- Task brief -
Please repeat, exactly as written, the line containing "A phone on a hand-held" and every line after it through the end of the records below, leaving out any pictures.

- Source data -
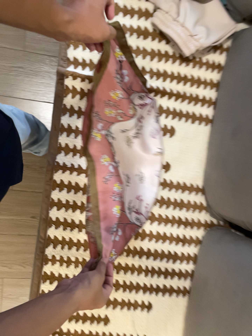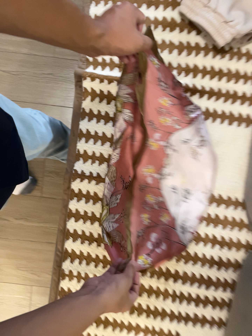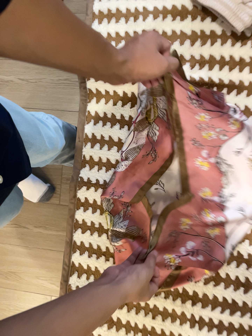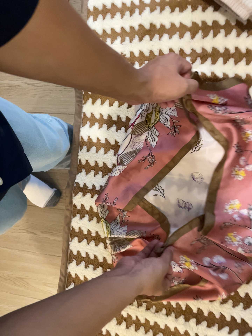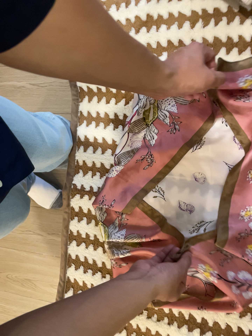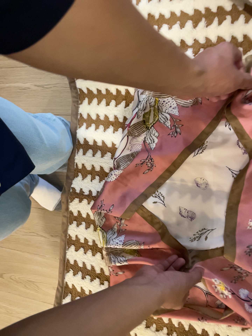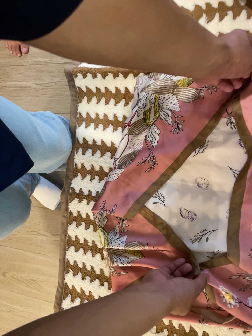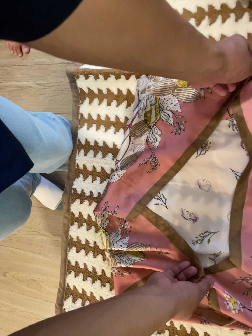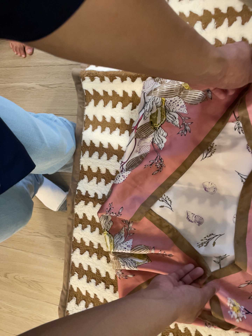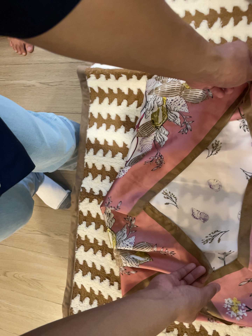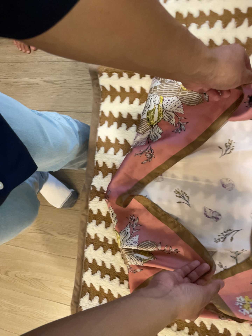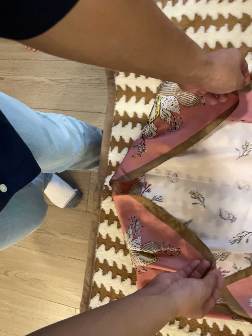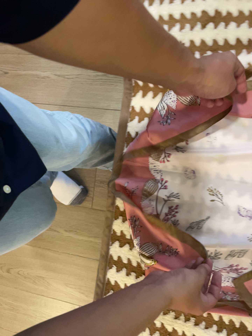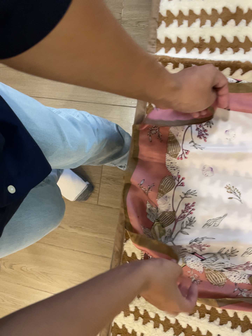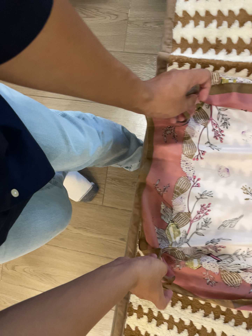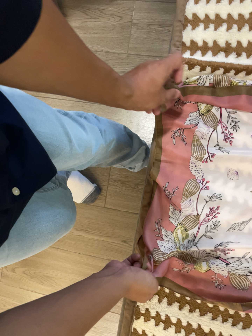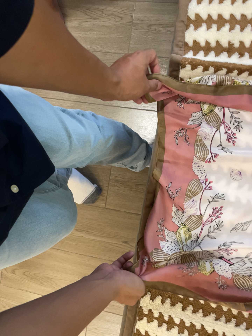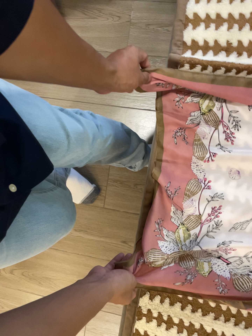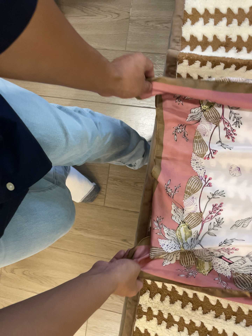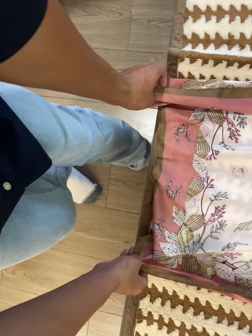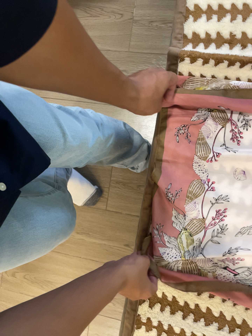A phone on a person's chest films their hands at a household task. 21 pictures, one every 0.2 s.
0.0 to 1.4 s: The camera pans to its left by about 30 degrees. It travels to its right and forward, about 36 cm.
1.4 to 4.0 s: The camera travels to its left, about 26 cm, so close, fixed things drift to the right.
The film runs backward here.
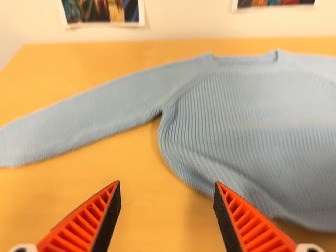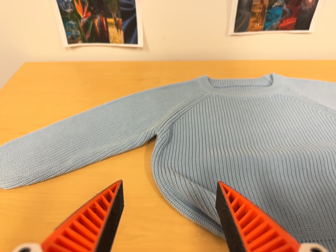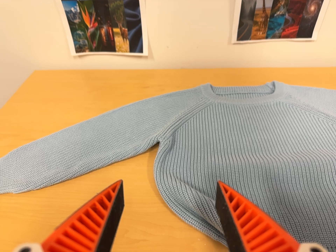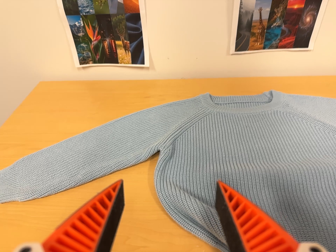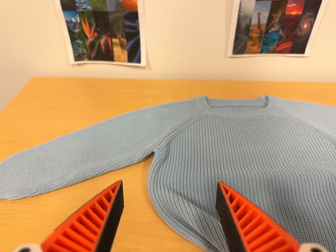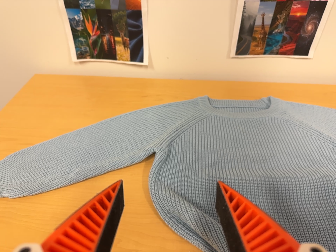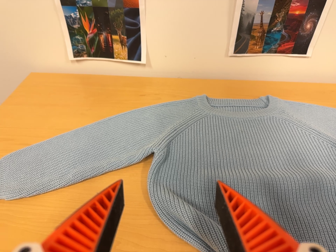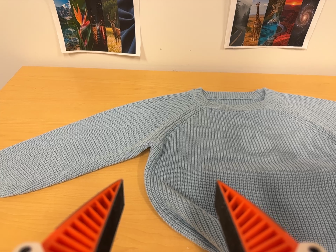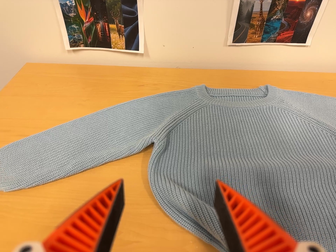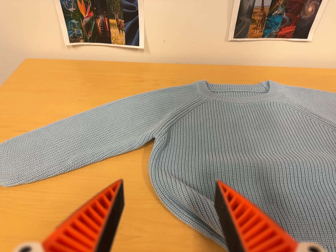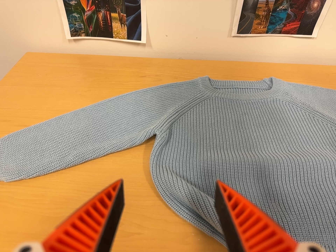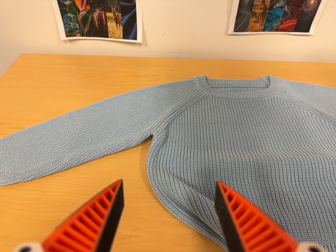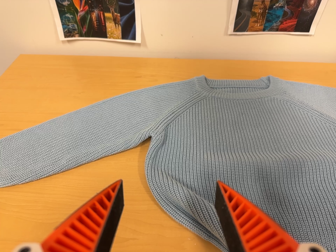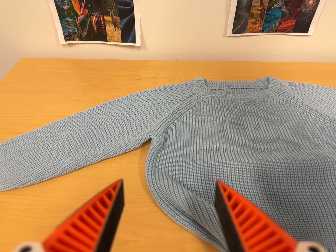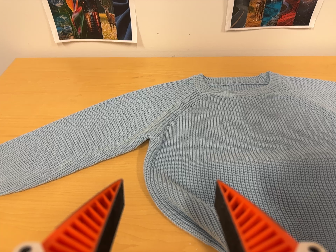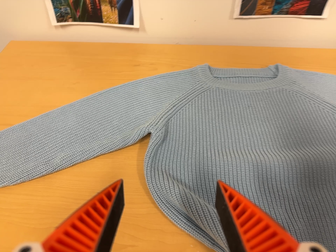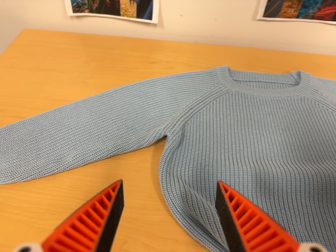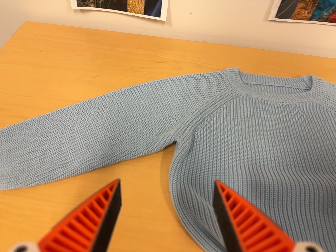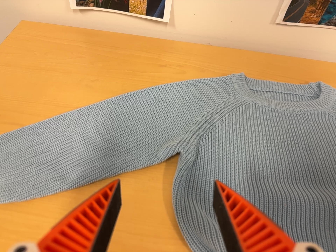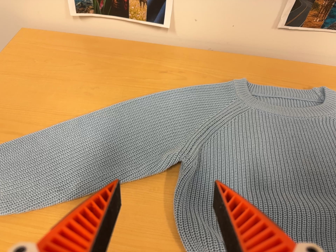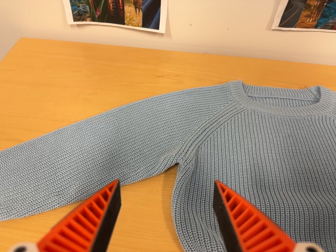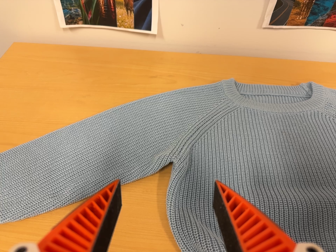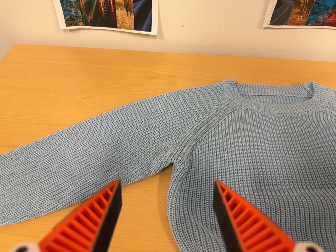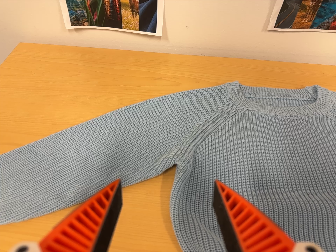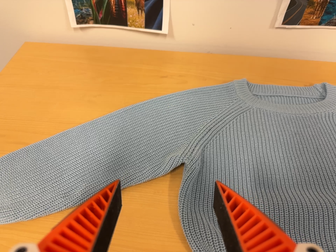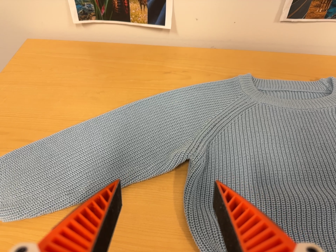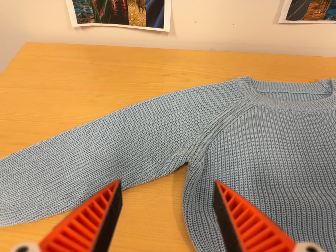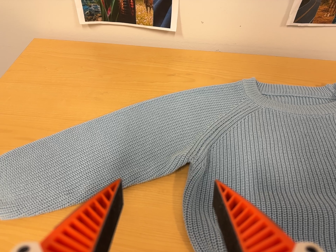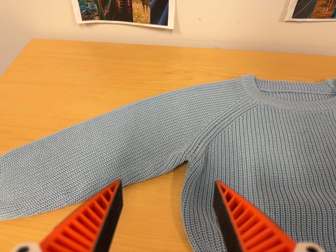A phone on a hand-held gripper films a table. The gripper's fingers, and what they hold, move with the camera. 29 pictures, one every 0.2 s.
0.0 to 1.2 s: The camera travels toward the top of its view, about 6 cm, so close, fixed things drift downward.
1.2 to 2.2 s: The camera shifts only a little, or ends up much as it began.
2.2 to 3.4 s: The camera travels forward, toward the top of its view and to its left, about 10 cm, so what stands in front looms larger.
3.4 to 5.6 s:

- Solution for this problem -
A phone on a hand-held gripper films a table. The gripper's fingers, and what they hold, move with the camera. 29 pictures, one every 0.2 s.
0.0 to 1.2 s: The camera travels toward the top of its view, about 6 cm, so close, fixed things drift downward.
1.2 to 2.2 s: The camera shifts only a little, or ends up much as it began.
2.2 to 3.4 s: The camera travels forward, toward the top of its view and to its left, about 10 cm, so what stands in front looms larger.
3.4 to 5.6 s:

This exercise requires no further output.